Excerpted data:
* * * * * * * * *
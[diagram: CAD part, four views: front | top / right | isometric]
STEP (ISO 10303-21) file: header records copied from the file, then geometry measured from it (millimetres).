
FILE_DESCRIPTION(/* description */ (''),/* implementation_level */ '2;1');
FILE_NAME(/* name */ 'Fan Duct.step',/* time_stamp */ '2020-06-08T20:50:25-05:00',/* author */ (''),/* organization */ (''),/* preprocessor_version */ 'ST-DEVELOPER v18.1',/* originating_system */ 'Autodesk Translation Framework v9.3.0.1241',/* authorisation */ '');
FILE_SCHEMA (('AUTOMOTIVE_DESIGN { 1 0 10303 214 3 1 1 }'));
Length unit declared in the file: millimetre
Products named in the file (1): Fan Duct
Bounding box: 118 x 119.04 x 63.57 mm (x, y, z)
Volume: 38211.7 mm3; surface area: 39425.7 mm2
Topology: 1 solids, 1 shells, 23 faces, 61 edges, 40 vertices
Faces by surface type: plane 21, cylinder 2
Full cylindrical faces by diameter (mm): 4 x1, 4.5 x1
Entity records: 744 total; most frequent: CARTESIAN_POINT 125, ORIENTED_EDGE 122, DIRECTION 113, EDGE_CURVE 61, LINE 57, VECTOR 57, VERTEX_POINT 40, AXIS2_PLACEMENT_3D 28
* * * * * * * * *
Work request: Repeat the records above exactly as they appear.

Answer to this task:
[diagram: CAD part, four views: front | top / right | isometric]
STEP (ISO 10303-21) file: header records copied from the file, then geometry measured from it (millimetres).
FILE_DESCRIPTION(/* description */ (''),/* implementation_level */ '2;1');
FILE_NAME(/* name */ 'Fan Duct.step',/* time_stamp */ '2020-06-08T20:50:25-05:00',/* author */ (''),/* organization */ (''),/* preprocessor_version */ 'ST-DEVELOPER v18.1',/* originating_system */ 'Autodesk Translation Framework v9.3.0.1241',/* authorisation */ '');
FILE_SCHEMA (('AUTOMOTIVE_DESIGN { 1 0 10303 214 3 1 1 }'));
Length unit declared in the file: millimetre
Products named in the file (1): Fan Duct
Bounding box: 118 x 119.04 x 63.57 mm (x, y, z)
Volume: 38211.7 mm3; surface area: 39425.7 mm2
Topology: 1 solids, 1 shells, 23 faces, 61 edges, 40 vertices
Faces by surface type: plane 21, cylinder 2
Full cylindrical faces by diameter (mm): 4 x1, 4.5 x1
Entity records: 744 total; most frequent: CARTESIAN_POINT 125, ORIENTED_EDGE 122, DIRECTION 113, EDGE_CURVE 61, LINE 57, VECTOR 57, VERTEX_POINT 40, AXIS2_PLACEMENT_3D 28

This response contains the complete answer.